We will now do the same and add the locations of the pumps to our recreation of The Ghost Map.
So, John Snow finally had his proof that there was a connection between deaths as a consequence of the cholera outbreak and the public water pump that was probably contaminated. But he didn't just stop there and investigated further.
He was looking for anomalies now (we would now say "outliers in data") and found two in fact where there were no deaths. First was brewery right on the Broad Street, so he went there and learned that they drank mostly beer (in other words not the water from the local pump, which confirms his theory that the pump is the source of the outbreak). The second building without any deaths was workhouse near Poland street where he learned that their source of water was not the pump on the Broad Street (confirmation again). The locations of both buildings are visualized also on the map on the left.
He was now sure, and although officials did not trust him nor his theory they removed the handle to the pump next day, 8th of September 1854. John Snow later collected and published in his famous book also all the data about deaths in chronological order, before and after the peak of the outbreak and we will now analyze and compare the effect when the handle was removed.

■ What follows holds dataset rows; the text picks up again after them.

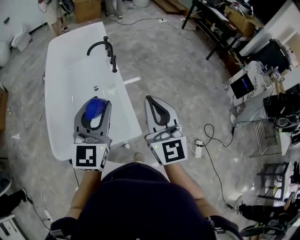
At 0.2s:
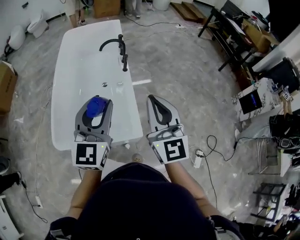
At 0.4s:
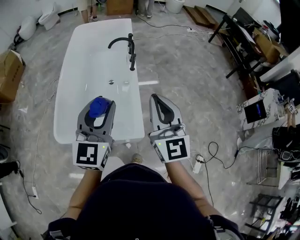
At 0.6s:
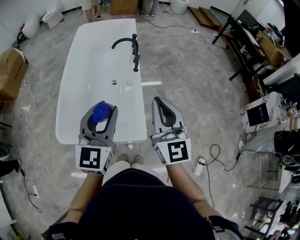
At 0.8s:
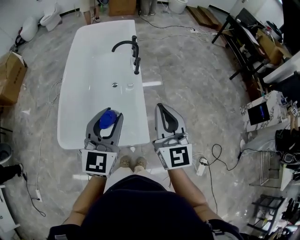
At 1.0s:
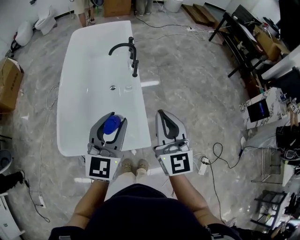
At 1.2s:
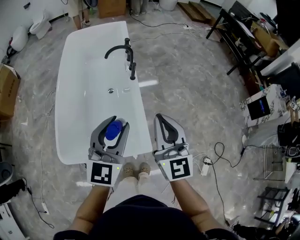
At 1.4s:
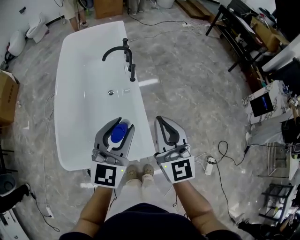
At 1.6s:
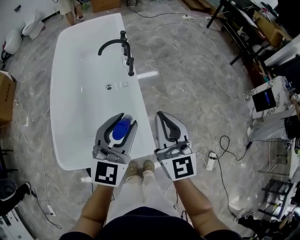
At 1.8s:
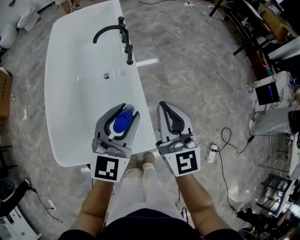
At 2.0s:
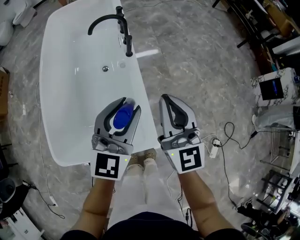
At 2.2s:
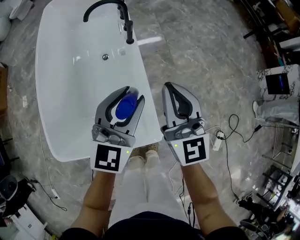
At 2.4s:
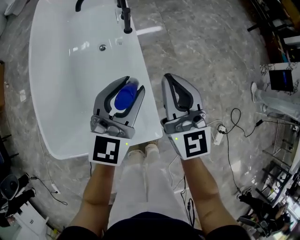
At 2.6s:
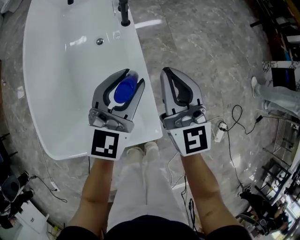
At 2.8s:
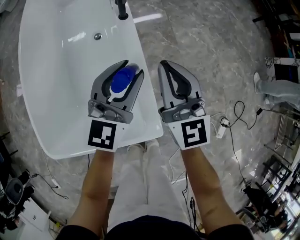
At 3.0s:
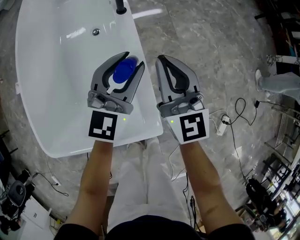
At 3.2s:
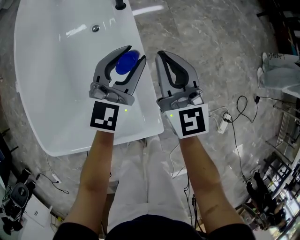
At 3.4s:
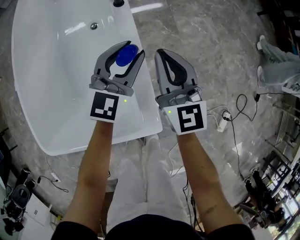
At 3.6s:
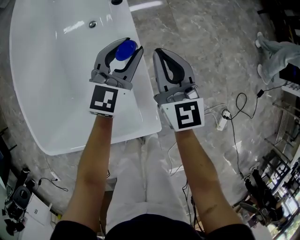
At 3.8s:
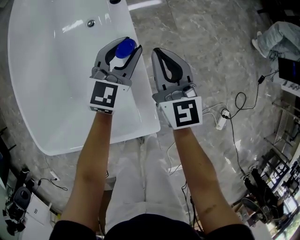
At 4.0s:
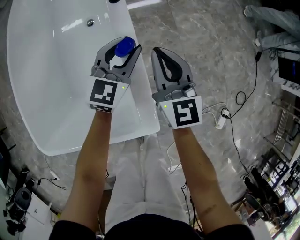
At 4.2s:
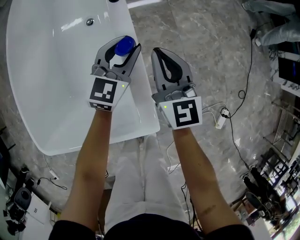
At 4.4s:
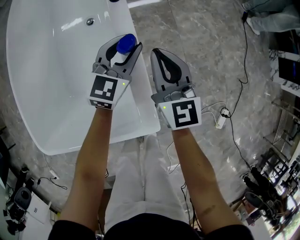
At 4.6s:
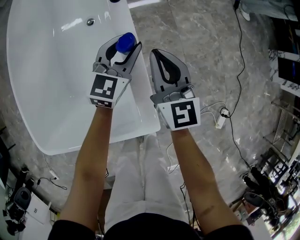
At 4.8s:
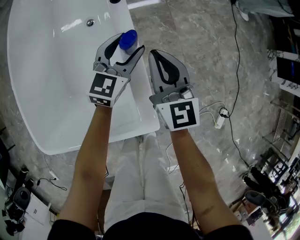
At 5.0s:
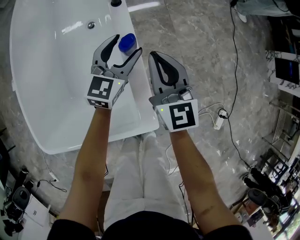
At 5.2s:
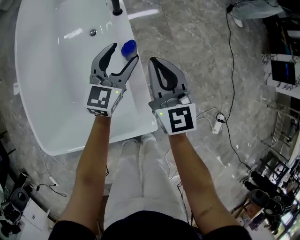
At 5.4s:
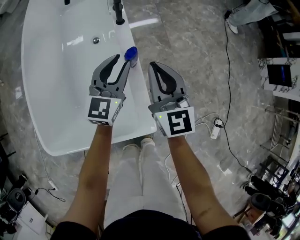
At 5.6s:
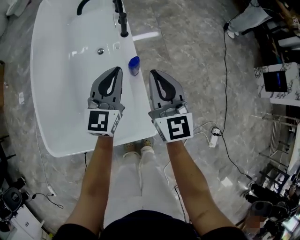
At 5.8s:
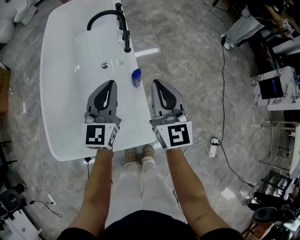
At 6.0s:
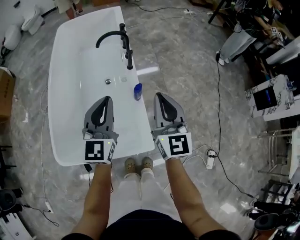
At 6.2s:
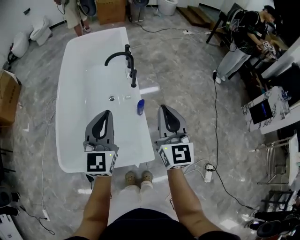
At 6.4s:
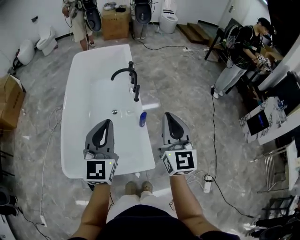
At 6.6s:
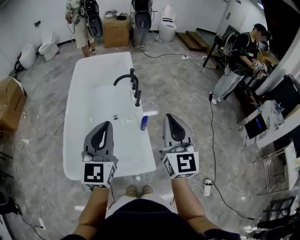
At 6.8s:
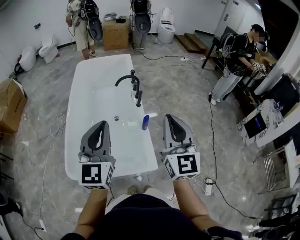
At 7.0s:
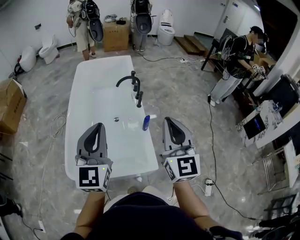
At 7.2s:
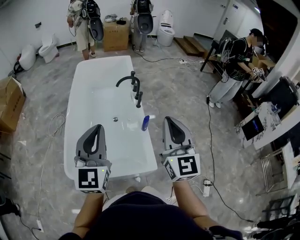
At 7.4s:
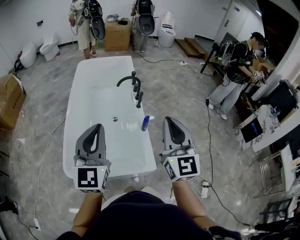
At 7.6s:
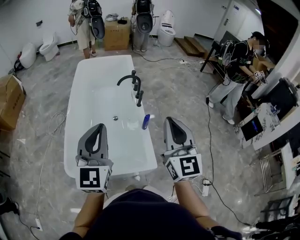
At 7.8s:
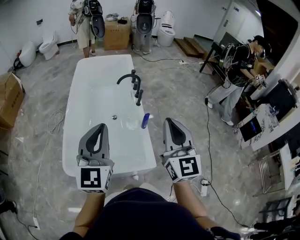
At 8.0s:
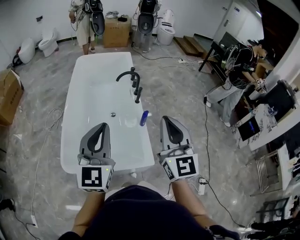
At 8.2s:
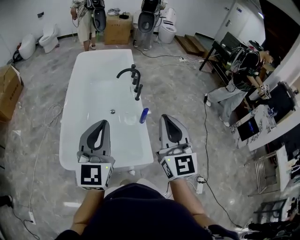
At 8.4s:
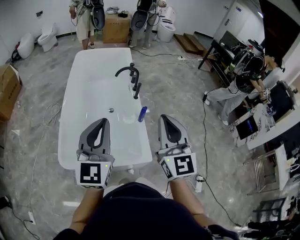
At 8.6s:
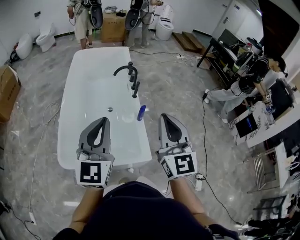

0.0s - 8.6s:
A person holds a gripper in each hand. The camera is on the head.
0.0s - 1.4s: The left gripper is displaced downward and forward by roughly 10 cm. The right gripper goes approximately 10 cm forward and downward.
1.4s - 2.8s: Both grippers travel together downward and forward, approximately 35 cm.
2.8s - 4.4s: The right gripper is displaced downward by some 10 cm. Meanwhile the left gripper is displaced downward and forward by about 15 cm.
4.4s - 5.8s: The grippers both shift upward and backward by about 25 cm. The left gripper rotates roughly 20 degrees, and closes its fingers.
5.8s - 7.2s: The right gripper heads upward and backward, covering some 30 cm; the left gripper is displaced upward, backward and to the left by roughly 35 cm.
7.2s - 8.6s: The grippers move only a little.

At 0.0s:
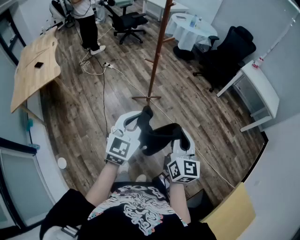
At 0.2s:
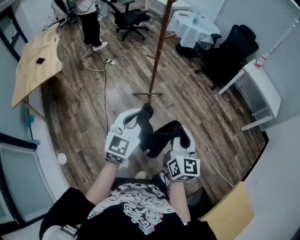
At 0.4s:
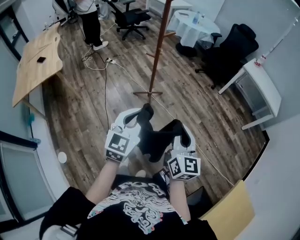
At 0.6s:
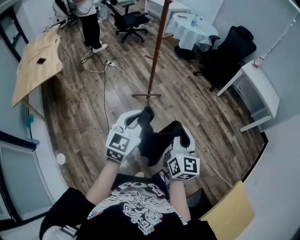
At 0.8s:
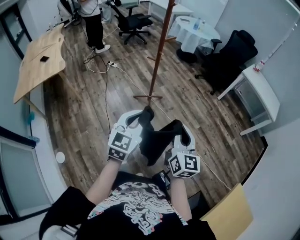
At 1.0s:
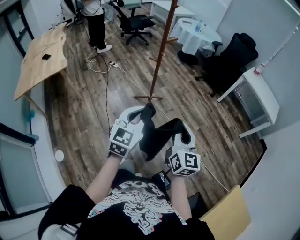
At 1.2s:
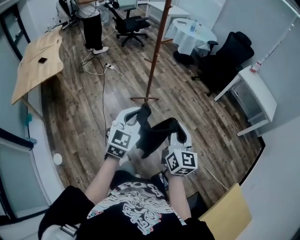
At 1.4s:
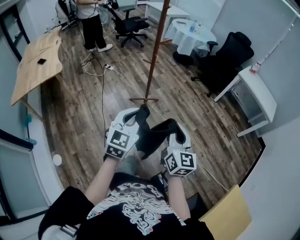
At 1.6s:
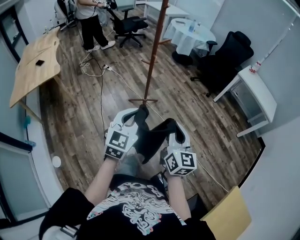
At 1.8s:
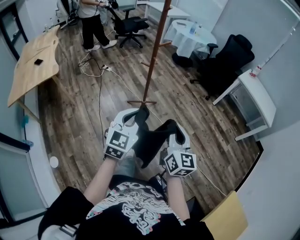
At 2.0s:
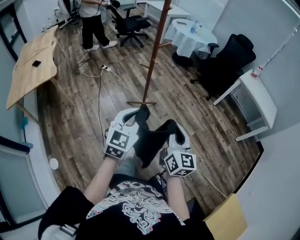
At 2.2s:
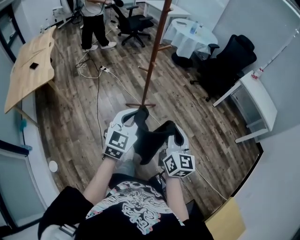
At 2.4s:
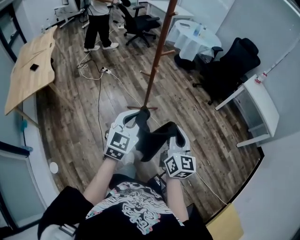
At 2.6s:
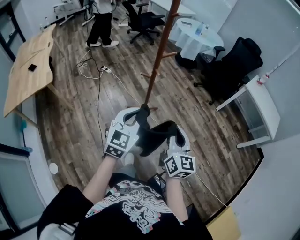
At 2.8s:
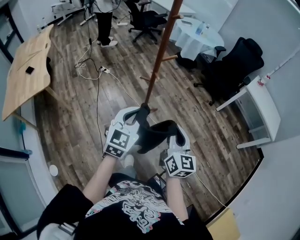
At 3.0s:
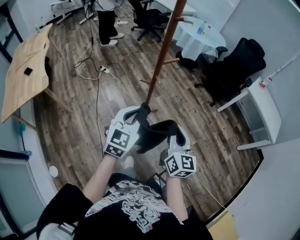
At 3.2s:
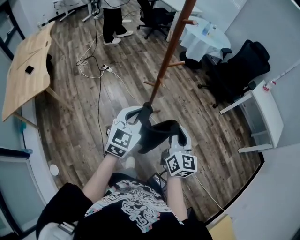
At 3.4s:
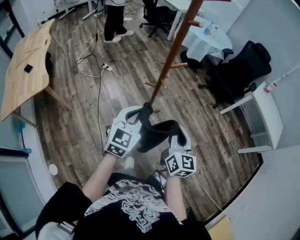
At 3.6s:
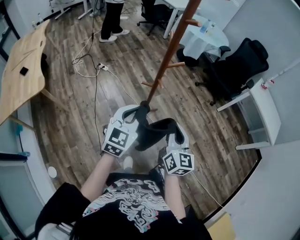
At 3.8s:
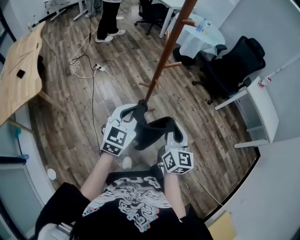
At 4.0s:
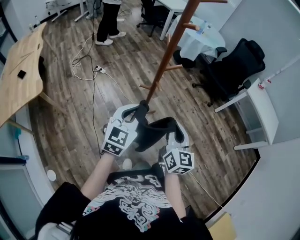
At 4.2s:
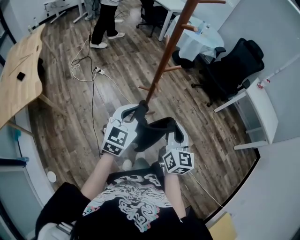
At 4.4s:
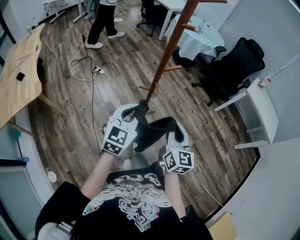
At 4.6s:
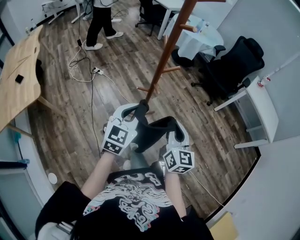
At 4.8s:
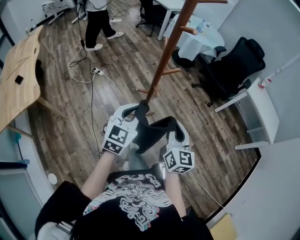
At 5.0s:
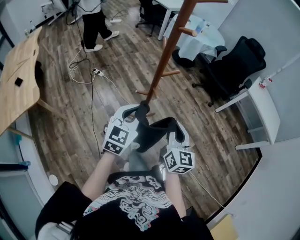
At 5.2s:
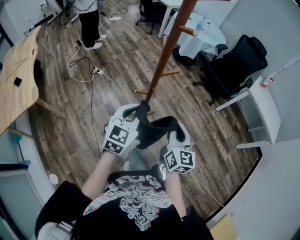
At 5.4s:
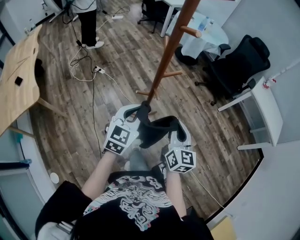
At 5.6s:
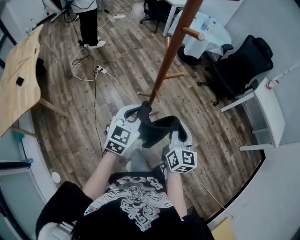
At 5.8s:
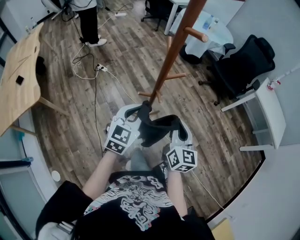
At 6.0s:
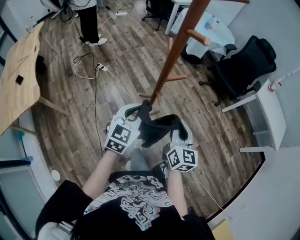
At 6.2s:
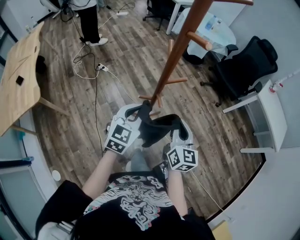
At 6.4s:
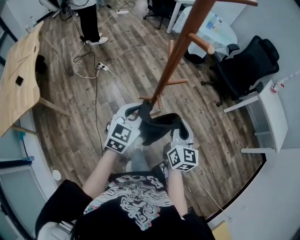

Removing the handle from the pump prevented any more of the infected water from being collected. The spring below the pump was later found to have been contaminated with sewage. This act was later recognized as an early example of epidemiology, public health medicine and the application of science (the germ theory of disease) in a real-life crisis.
A replica of the pump, together with an explanatory and memorial plaque and without a handle was erected in 1992 near the location of the original close to the back wall of what today is the John Snow pub. The site is subtly marked with a pink granite kerbstone in front of a small wall plaque.
We can learn a lot from John Snow's data. We can take a look at absolute counts, but this observation could lead us to a wrong conclusion so let's take a different look on the data using Bokeh.
Thanks to John Snow we have the data in chronological order (i.e. as time series data), so the best way to see the whole picture is to visualize it and look at it the way he saw it while writing On the Mode of Communication of Cholera (1855).
From the previous interactive visualization, we can clearly see that the peak of the cholera outbreak happened before removing the handle and it was already in decline (downside trajectory) before the 8th of September 1854.
This different view on the data is very important because in case that we compare just absolute numbers this could lead us to wrong conclusion that removing the handle on Broad Street pump for sure stopped the outbreak, which is simply not true (it surely did help but did not stop the outbreak) and John Snow was aware of this (he just did what needed to be done and never aspired to become a hero).
But people love stories about heroes and other myths (definitely more than science or data science). According to John Snow's myth, he was the superhero who in two days defied their equals by hypothesizing that cholera was a waterborne disease. Despite no one listening to him, he bravely continued drawing his map, convinced local authorities to remove the handle of the infected water pump with his findings, and stopped the outbreak. John Snow saved the lives of many Londoners.
If we take a better look behind this story, we can find also the true John Snow, who was fighting the disease with limited tools and wanted to get proof that he was right and "knew something" about cholera. He just did what he could with limited time and always boiled his water before drinking.